I will have in addition to this add 40 methods.

Not at all. Unless these classes are dumb data structs, you dont want any Getters and Setters on them because they break encapsulation. Put methods in the public API with which you tell the objects to do things.

And my concern here is how will this slow down the script and much more memory this will require (remember I am going to have several classes like this).

This is not an issue.

Another solution could be to use magic functions __set, __get but I don't want to, because the code completion in development IDE will not suggest properties which is crucial for me.

Modern IDEs can autocomplete on magic methods.

However, if you are already concerned about performance at the microlevel, then you dont want magic methods because those are definitely slower.

Apart from that, Magic Methods are not substitutes for getters and setters but error handlers that get triggered when an inaccessible property or method was called.
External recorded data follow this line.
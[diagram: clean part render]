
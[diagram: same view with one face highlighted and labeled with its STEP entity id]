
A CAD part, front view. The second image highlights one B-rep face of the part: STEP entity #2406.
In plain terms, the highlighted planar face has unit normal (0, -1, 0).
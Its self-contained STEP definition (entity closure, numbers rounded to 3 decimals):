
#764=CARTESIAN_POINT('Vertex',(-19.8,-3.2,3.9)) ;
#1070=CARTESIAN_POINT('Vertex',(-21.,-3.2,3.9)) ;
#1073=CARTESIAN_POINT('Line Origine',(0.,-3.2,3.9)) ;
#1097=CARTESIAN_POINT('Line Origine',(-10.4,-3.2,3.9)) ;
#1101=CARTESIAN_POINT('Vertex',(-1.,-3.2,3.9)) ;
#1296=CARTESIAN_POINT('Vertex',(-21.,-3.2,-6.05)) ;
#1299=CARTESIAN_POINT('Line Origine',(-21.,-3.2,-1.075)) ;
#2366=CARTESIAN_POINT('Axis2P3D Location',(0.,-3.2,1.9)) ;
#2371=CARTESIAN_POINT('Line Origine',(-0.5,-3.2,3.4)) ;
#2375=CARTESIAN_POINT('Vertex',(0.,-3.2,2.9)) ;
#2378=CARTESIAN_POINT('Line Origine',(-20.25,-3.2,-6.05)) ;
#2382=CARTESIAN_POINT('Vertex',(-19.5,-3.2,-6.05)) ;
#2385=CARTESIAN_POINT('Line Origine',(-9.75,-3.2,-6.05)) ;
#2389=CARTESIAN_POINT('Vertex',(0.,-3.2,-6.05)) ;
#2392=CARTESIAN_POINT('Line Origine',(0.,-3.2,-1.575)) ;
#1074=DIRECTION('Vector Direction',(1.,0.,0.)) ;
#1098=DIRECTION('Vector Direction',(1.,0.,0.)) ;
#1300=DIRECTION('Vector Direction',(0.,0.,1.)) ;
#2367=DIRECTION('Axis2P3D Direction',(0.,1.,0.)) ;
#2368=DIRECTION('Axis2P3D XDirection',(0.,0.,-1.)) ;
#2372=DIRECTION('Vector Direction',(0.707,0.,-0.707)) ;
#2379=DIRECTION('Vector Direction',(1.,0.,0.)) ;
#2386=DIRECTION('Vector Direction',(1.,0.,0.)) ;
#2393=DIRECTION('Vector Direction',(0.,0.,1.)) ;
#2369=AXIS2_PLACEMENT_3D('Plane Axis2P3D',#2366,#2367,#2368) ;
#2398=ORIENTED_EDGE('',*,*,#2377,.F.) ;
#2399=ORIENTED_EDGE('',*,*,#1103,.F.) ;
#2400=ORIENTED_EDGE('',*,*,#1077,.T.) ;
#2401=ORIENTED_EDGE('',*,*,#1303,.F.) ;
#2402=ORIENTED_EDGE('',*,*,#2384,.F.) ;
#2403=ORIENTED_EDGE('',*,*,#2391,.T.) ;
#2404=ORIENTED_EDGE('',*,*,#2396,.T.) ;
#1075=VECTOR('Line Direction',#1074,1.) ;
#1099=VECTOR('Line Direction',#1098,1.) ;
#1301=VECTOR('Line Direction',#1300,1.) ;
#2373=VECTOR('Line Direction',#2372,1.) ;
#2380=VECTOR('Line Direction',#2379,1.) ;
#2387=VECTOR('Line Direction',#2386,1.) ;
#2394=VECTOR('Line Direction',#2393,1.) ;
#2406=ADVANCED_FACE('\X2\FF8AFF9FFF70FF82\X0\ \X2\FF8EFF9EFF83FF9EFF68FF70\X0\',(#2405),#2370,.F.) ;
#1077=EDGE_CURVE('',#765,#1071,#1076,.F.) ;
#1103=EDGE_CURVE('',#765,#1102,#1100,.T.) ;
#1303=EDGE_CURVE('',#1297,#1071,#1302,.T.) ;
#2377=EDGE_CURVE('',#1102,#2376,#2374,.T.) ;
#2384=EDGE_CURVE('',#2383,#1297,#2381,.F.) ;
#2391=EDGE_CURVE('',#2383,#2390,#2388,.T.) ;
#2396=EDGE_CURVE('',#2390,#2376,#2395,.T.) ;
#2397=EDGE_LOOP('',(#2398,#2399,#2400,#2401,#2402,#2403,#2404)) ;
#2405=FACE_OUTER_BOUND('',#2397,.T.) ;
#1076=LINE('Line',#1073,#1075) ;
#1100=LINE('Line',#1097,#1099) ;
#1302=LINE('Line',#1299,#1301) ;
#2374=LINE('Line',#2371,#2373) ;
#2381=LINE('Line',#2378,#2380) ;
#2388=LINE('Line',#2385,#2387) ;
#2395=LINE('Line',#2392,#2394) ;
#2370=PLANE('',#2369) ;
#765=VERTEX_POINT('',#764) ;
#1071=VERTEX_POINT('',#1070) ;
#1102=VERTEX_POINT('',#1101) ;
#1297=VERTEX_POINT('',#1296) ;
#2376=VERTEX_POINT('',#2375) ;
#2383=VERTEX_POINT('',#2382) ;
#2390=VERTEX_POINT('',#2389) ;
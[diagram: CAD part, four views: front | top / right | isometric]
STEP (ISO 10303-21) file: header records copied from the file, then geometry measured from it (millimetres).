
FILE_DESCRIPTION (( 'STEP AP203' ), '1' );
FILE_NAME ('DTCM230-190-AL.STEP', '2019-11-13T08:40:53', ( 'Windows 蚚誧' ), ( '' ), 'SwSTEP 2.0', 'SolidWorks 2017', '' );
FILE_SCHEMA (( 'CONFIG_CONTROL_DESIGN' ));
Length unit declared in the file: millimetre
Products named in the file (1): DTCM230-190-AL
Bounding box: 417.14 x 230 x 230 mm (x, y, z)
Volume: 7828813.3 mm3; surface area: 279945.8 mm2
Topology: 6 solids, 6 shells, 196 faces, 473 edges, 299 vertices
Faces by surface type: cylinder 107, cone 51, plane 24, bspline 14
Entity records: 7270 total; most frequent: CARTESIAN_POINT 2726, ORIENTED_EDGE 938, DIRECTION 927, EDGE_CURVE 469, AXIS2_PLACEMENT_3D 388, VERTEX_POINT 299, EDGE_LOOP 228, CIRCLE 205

Also, magic methods are unobvious and make for hard to read APIs.

Upvotes: 5

lanzz
lanzz

Reputation: 43168

Simple test shows instances take the same amount of memory, unaffected by the number of methods in a class:

Class with no methods:

class Test1 { }

Class with 20 methods:

class Test2 {

    function test1() { return true; }
    function test2() { return true; }
    function test3() { return true; }
    function test4() { return true; }
    function test5() { return true; }
    function test6() { return true; }
    function test7() { return true; }
    function test8() { return true; }
    function test9() { return true; }
    function test10() { return true; }
    function test11() { return true; }
    function test12() { return true; }
    function test13() { return true; }
    function test14() { return true; }
    function test15() { return true; }
    function test16() { return true; }
    function test17() { return true; }
    function test18() { return true; }
    function test19() { return true; }
    function test20() { return true; }

}

Test loop, same for both tests:

$test = array();
$base = memory_get_usage();
for ($i = 0; $i < 10000; $i++) {
    $test[] = new ClassToBeTested();
}
$used = memory_get_usage() - $base;
print("used: $used\n");

Result for class Test1 (no methods):

used: 3157408

Result for class Test2 (20 methods):

used: 3157408

I've run it in two separate scripts, since running the two tests in a single script apparently exposed some PHP internal allocation, and the second test consumed less memory than the first, no matter which one is first or second.

While you surely take more memory for the actual class definition, apparently this cost is incurred only once per class, not per instance. You don't have to worry about the memory usage.